Referring initially to FIG. 1, a top plan view of an exemplary chemical-sensing device in accordance with one embodiment is shown generally at 100. Chemical-sensing device 100 comprises sensing elements that include temperature sensors 102, ionic-strength sensors 104, and a chemical sensor 106, as well as a reference electrode 108. Additional reference electrodes can be included in the chemical-sensing device 100, such with an additional reference electrode downstream of the chemical sensor 106 (not shown). Conductive lines 110 electrically connect the temperature sensors 102, the ionic-strength sensors 104, the chemical sensor 106, and the reference electrode 108 to electrical connection pads 112. The electrical connection pads 112 are used to enable communication between the device 100 and other devices, such as an electric or computer analysis system capable of reading, calibrating, analyzing, recording, or communicating a measurement of the sensing elements. The reference electrode 108, the conductive lines 110, and the electrical connection pads 112 comprise conductive or semiconductive materials, such as gold-plated aluminum, platinum, palladium, doped silicon, or others as will be appreciated by the skilled artisan.

In this illustrated embodiment, the device 100 comprises a fluidic channel 114. The fluidic channel 114 is a physical conduit for flowing a material (e.g. a fluid material like a liquid solution or a gas) across the sensing elements, here from right (upstream) to left (downstream). The fluid can be provided with an inlet tube 116 and an outlet tube 118, another view of which is set forth in FIG. 2, described below. In the case of a liquid solution, the reference electrode 108 is used to establish and alter an electric potential of the solution relative to the sensing elements. This electric potential can enable greater accuracy of the chemical sensor 106, due to the constancy of the solution potential relative to the sensor 106. Some types of sensors, such as ChemFETs, include semiconductive materials that are more sensitive to change at certain electric potentials.

In accordance with one embodiment, the device 100 is capable of measuring a certain chemical or class of chemicals at very small concentrations, in part by calibrating the effects of ionic strength and/or temperature on the chemical sensor 106 and the fluid. When measuring small concentrations, even small effects from a temperature or ionic strength change can limit measurement accuracy. In this embodiment, accurate measurement of ionic strength and temperature is aided by placing the temperature sensor 102 and the ionic-strength sensor 104 in close proximity with the chemical sensor 106, such as about ten nanometers to about three millimeters. This proximity enables these sensors 102 and 104 to experience the same or very similar conditions as the chemical sensor 106.

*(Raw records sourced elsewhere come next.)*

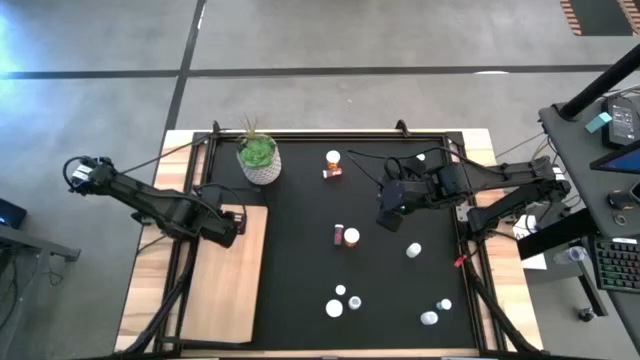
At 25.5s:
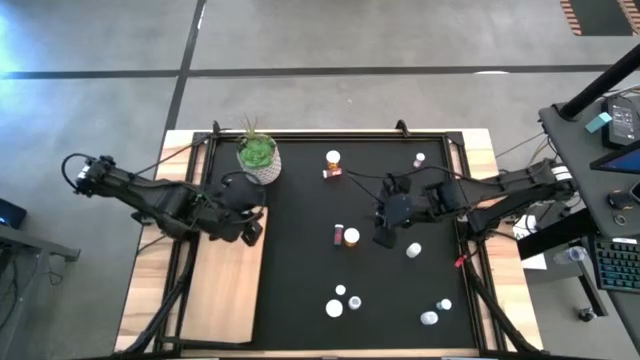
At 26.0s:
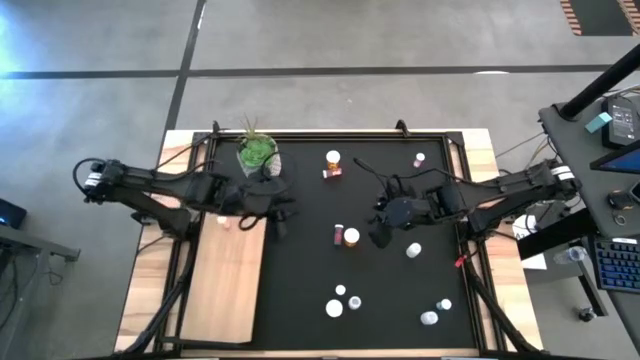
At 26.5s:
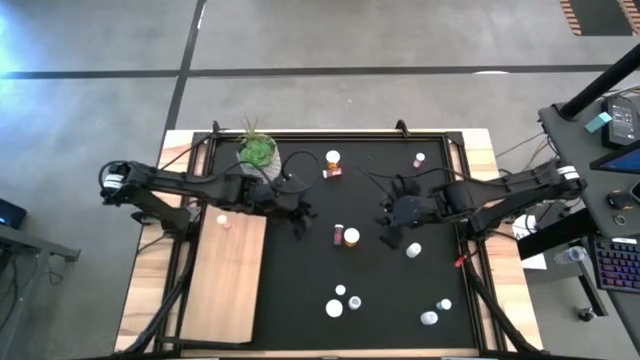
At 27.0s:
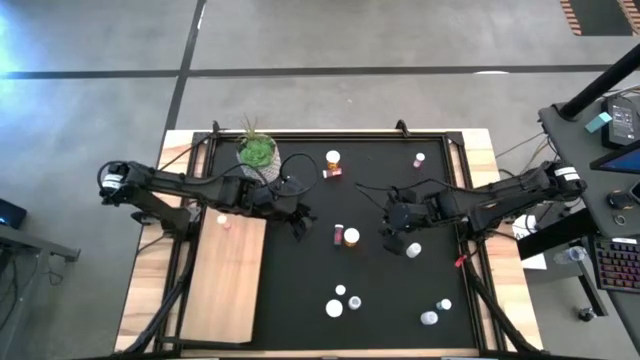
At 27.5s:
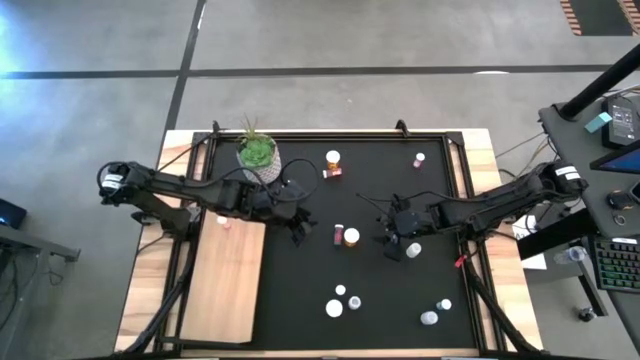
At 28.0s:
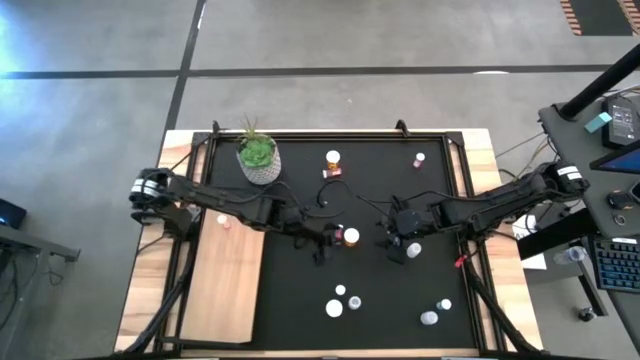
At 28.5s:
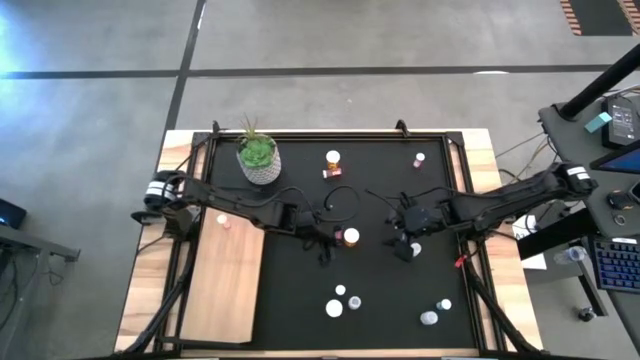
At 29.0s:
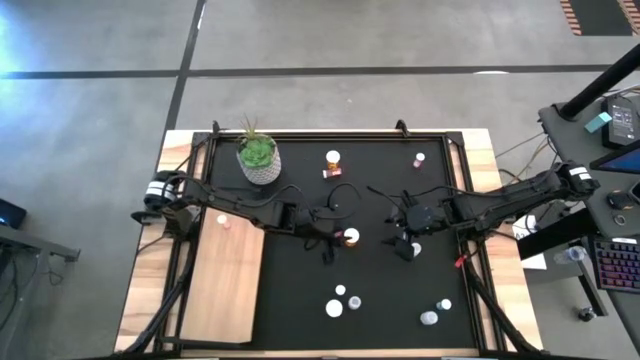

In this embodiment, and as shown in the illustration of FIG. 1, the ionic-strength sensors 104 and the temperature sensors 102 are oriented in close fluidic proximity with the chemical sensor 106. In this specific example, two temperature sensors 102 are shown proximate the beginning and end of the fluidic channel 114. With this orientation, a fluid passes over the temperature sensors 102 just before and just after measurement by the chemical sensor 106. This can be especially important in cases where the fluid's temperature changes due to its being flowed through the fluidic channel 114. Likewise, an ionic strength of a solution is measured by the ionic-strength sensors 104 just before and just after measurement by the chemical sensor 106. The information from the temperature sensors 102 and the ionic-strength sensors 104 can aid in accurately determining the actual temperature or ionic strength at the chemical sensor 106. The information can also be used to assess gradients in the ionic strength or temperature in the proximity of the sensor, and for interpolation purposes.

Also in accordance with this embodiment, the ionic-strength sensors 104 and the temperature sensors 102 can be in very close physical proximity with the chemical sensor 106. This proximity can be ten or more nanometers, for instance. The entire fluidic channel 114 can be micro-scale, for instance, such as by being less than ten microns across. In the illustrated embodiment, the temperature sensor 102 and the ionic-strength sensors 104 are about 100 nanometers from the chemical sensor 106. The fluidic channel 114 in this illustrated embodiment can be about 200 nanometers across, measured between the inlet tube 116 and the outlet tube 118. Other dimensions of some embodiments of the device 100 are discussed in greater detail below.

Referring to FIG. 2, a cross-sectional view along a line from A to A′ of FIG. 1 is shown. In the embodiment shown in this cross-section, a single-crystal substrate supports the chemical sensor 106 and multiple temperature sensors 102 and ionic-strength sensors 104. The sensing elements and the reference electrode 108 are shown over a substrate 202 having an insulative layer 204 formed thereover. In the present example, substrate 202 comprises a semiconductive substrate. In the context of this document, the term “semiconductive substrate” is defined as any construction comprising semiconductive material, including, but not limited to, bulk semiconductive materials such as semiconductive wafer or chip and/or semiconductive material layers (both either alone or in assemblies comprising other materials). The term “substrate” refers to any supporting structure, including but not limited to, the semiconductive substrates described above. In this illustrated embodiment of the device 100, the semiconductive substrate 202 comprises lightly doped silicon, such as a doping of about 1015 cm−3. Also, the insulative layer 204 can comprise a dielectric material, such as silicon dioxide. In the illustrated embodiment, the insulative layer 204 is about 200 nanometers thick.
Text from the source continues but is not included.